I’d take anything that summarysize says with a large grain of salt.
It doesn’t count the header (40 bytes on a 64-bit platform), nor the actual amount allocated, just the sizeof the vector (what is used).


#3

Thanks for the insight. Do you know of any good way to accurately measure how much memory it is using? I have a use case that I could load up to 100 GiB into shared memory and it would be a bummer if it fails miserably for my lack of understanding :slight_smile:


#4

I am getting the following on v0.6.2:

julia> Base.summarysize(rand(1000000))
8000000

julia> Base.summarysize(SharedArray{Float64}(rand(1000000)))
8000341

julia> Base.summarysize(rand(1000000,2))
16000000

julia> Base.summarysize(SharedArray{Float64}(rand(1000000,2)))
16000349

There is also Base.shmem_rand btw.


#5

Interesting, what OS/platform are you using? I also have v0.6.2:

$ julia
               _
   _       _ _(_)_     |  A fresh approach to technical computing
  (_)     | (_) (_)    |  Documentation: https://docs.julialang.org
   _ _   _| |_  __ _   |  Type "?help" for help.
  | | | | | | |/ _` |  |
  | | |_| | | | (_| |  |  Version 0.6.2 (2017-12-13 18:08 UTC)
 _/ |\__'_|_|_|\__'_|  |  Official http://julialang.org/ release
|__/                   |  x86_64-apple-darwin14.5.0

julia> Base.summarysize(SharedArray{Float64}(rand(1000000,2)))
32000221

#6

Good old Windows.

julia> versioninfo()
Julia Version 0.6.2
Commit d386e40c17* (2017-12-13 18:08 UTC)
Platform Info:
  OS: Windows (x86_64-w64-mingw32)
  CPU: Intel(R) Core(TM) i7-7700HQ CPU @ 2.80GHz
  WORD_SIZE: 64
  BLAS: libopenblas (USE64BITINT DYNAMIC_ARCH NO_AFFINITY Prescott)
  LAPACK: libopenblas64_
  LIBM: libopenlibm
  LLVM: libLLVM-3.9.1 (ORCJIT, broadwell)

#7

On Linux with v0.6.1, I am getting the same result as you. But on nightly, getting the right result.

On Windows with latest nightly (downloaded today), I am getting:

julia> using SharedArrays

julia> Base.summarysize(SharedArray{Float64}(rand(1000_000,2)))
32000205

This really seems like a bug.


#8

I think it’s just double counting, because of the behavior of summarysize. It basically recursively counts how much memory is used by all objects reachable. A SharedArray has a field loc_subarr_1d and another s. The latter holds the whole array and the former holds a 1d view of the array. Mutating one mutates the other, so it’s just double counting. It’s probably doing something like:

mysizeof(f) = sum((sizeof(f), (mysizeof(getfield(f,i)) for i in 1:nfields(f))...))

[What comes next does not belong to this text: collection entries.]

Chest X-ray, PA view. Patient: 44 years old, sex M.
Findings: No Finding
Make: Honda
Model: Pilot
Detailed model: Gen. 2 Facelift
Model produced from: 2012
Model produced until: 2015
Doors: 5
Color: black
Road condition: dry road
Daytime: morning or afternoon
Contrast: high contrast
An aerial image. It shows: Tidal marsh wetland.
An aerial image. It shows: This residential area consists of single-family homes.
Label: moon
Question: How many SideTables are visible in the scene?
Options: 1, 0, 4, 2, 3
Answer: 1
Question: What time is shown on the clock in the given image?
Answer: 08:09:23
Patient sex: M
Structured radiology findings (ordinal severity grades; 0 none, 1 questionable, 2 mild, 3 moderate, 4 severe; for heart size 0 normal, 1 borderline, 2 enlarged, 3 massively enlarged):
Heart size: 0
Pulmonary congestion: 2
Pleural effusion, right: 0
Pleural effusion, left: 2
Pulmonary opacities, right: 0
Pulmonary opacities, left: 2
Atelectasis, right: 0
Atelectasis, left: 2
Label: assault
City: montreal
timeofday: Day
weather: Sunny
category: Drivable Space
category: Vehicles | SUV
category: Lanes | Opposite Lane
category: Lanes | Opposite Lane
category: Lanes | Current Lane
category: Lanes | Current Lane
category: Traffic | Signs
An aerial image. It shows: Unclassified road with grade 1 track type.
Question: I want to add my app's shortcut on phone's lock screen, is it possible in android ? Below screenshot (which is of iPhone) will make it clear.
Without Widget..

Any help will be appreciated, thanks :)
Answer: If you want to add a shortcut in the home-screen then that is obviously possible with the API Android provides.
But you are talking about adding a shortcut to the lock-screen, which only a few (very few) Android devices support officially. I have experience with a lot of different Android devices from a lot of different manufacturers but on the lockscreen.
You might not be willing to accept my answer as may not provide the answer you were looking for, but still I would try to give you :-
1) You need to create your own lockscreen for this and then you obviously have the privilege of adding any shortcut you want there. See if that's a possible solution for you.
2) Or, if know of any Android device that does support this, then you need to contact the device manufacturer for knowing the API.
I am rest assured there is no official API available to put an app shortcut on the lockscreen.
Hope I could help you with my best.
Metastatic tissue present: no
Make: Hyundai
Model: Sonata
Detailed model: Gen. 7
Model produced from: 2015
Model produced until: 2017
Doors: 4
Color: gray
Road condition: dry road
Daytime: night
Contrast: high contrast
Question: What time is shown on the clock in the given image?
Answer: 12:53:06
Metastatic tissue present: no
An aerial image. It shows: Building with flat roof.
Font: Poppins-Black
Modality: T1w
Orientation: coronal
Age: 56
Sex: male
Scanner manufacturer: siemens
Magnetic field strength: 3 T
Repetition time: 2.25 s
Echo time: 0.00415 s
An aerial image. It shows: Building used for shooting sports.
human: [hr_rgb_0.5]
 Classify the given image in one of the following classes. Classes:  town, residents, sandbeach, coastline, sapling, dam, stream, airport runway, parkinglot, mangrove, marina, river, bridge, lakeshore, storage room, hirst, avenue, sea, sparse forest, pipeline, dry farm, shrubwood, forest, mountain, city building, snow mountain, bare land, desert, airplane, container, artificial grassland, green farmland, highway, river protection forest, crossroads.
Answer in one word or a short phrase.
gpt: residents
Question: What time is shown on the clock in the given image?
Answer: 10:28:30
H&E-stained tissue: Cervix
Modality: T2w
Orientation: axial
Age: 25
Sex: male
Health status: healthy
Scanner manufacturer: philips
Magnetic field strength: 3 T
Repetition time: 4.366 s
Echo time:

But it’s weird that it’s not double counting for the 1D case :confused:. Anyways, I think it deserves some attention from devs.

Maybe adding a bug keyword or something will get more attention more quickly. In the meantime, I think the equivalent of task manager in Windows or system monitor in Linux will give you a rough idea of memory used by large enough data.


#9

If you haven’t already, you should consider opening an issue so that it does not get lost.


#10

Done https://github.com/JuliaLang/julia/issues/25367.